Joe’s weekend trips out into the Peak around this time began with a Saturday morning of work. Some of the earliest trips were in the direction of the Chew Valley, which meant first a tram ride into central Manchester to meet up with his mates (though the trams were very soon to disappear). Depending on where they were headed, they then took a bus or train to the closest point they could reach and finally walked in to the crag. The Peak was a very empty place compared to today with very few cars on the road and petrol rationing still in force.
Once arrived at the crag it was usual to stay there for the rest of the weekend: climbing during the day and often bouldering on into the evening, until the fading light announced the time had arrived to get the primus out and cook dinner. Later they sat around drinking tea and talking: “with a gang of 18-22 year-olds it was just non-stop chatter and banter”. Sleeping, more often than not, in caves or under boulders (for example those at Stanage Plantation), they would climb on Sunday with one eye on the clock as it got later, before taking the bus or train back to Manchester. Missing the last one and being late for work on the Monday just wasn’t an option: “we must have been very disciplined because I don’t ever remember not getting back”.

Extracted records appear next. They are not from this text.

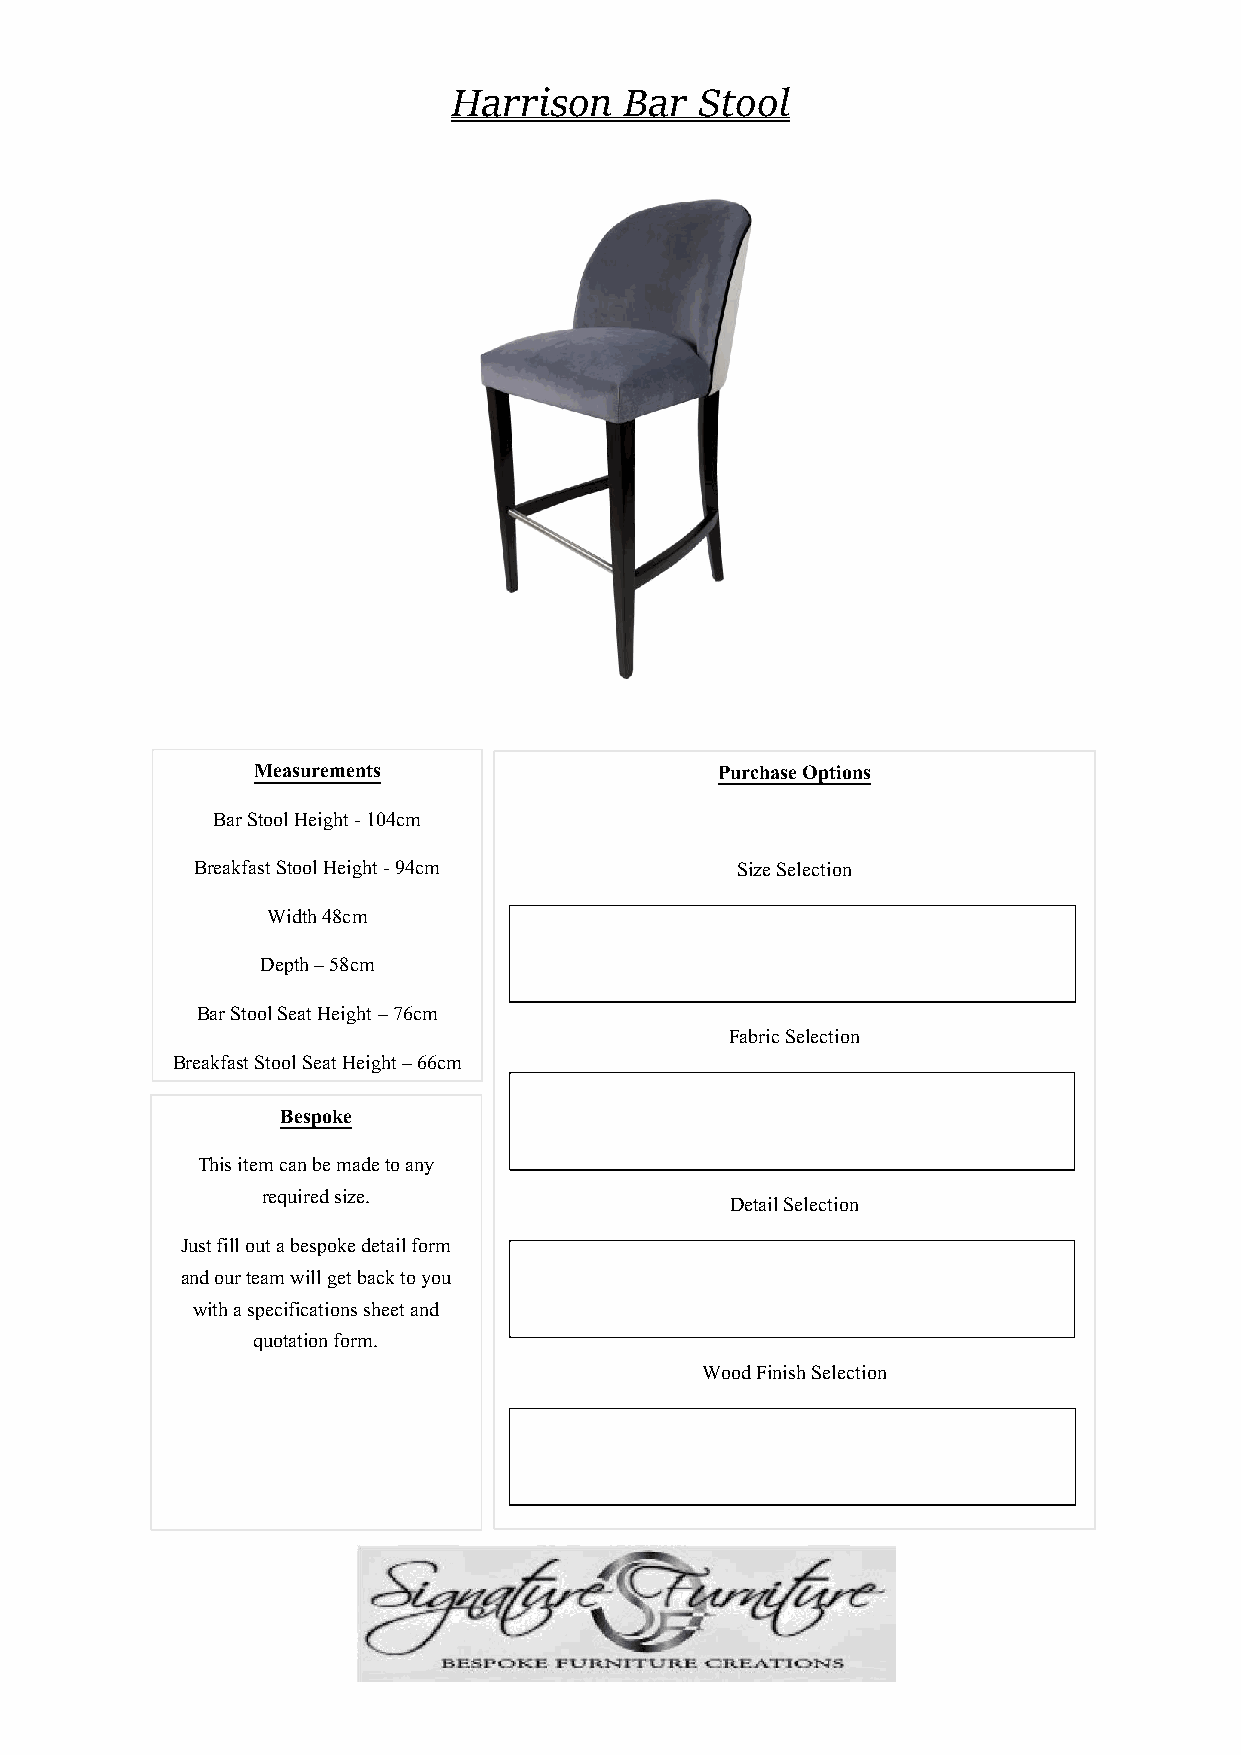
Harrison   Bar  Stool
 Measurements                   Purchase Options
 Bar Stool Height - 104cm
 Breakfast Stool Height - 94cm       Size Selection
 Width 48cm
 Depth 58cm
 –
 Bar Stool Seat Height 76cm
 –
 Fabric Selection
 Breakfast Stool Seat Height 66cm
 –
 Bespoke
 This item can be made to any
 required size.
 Detail Selection
 Just fill out a bespoke detail form
 and our team will get back to you
 with a specifications sheet and
 quotation form.
 Wood Finish Selection

The climbing gear they carried was unbelievably simple: a rope, a handful of slings and carabiners, with a choice of nailed boots or plimsolls to climb in. The carabiners were a double-edged sword, being made out of untempered steel “when someone fell on them, they straightened out and then the locking mechanism on the gate, which was a very sharp thing, became a point that the rope ran across and it just cut the rope and snapped it”. Nailed boots were preferred where the nails could be used to stand on sharp edges (such as on Brown’s Eliminate at Froggatt) and plimsolls where friction could be used. It’s amazing to think that Great Slab at Froggatt was climbed on-sight in plimsolls.
At first they had little contact with the established world of climbing and no idea of which climbs were hard or had reputations and as Joe remembers “routes were just routes and we didn’t know anything about that – we were just climbing”.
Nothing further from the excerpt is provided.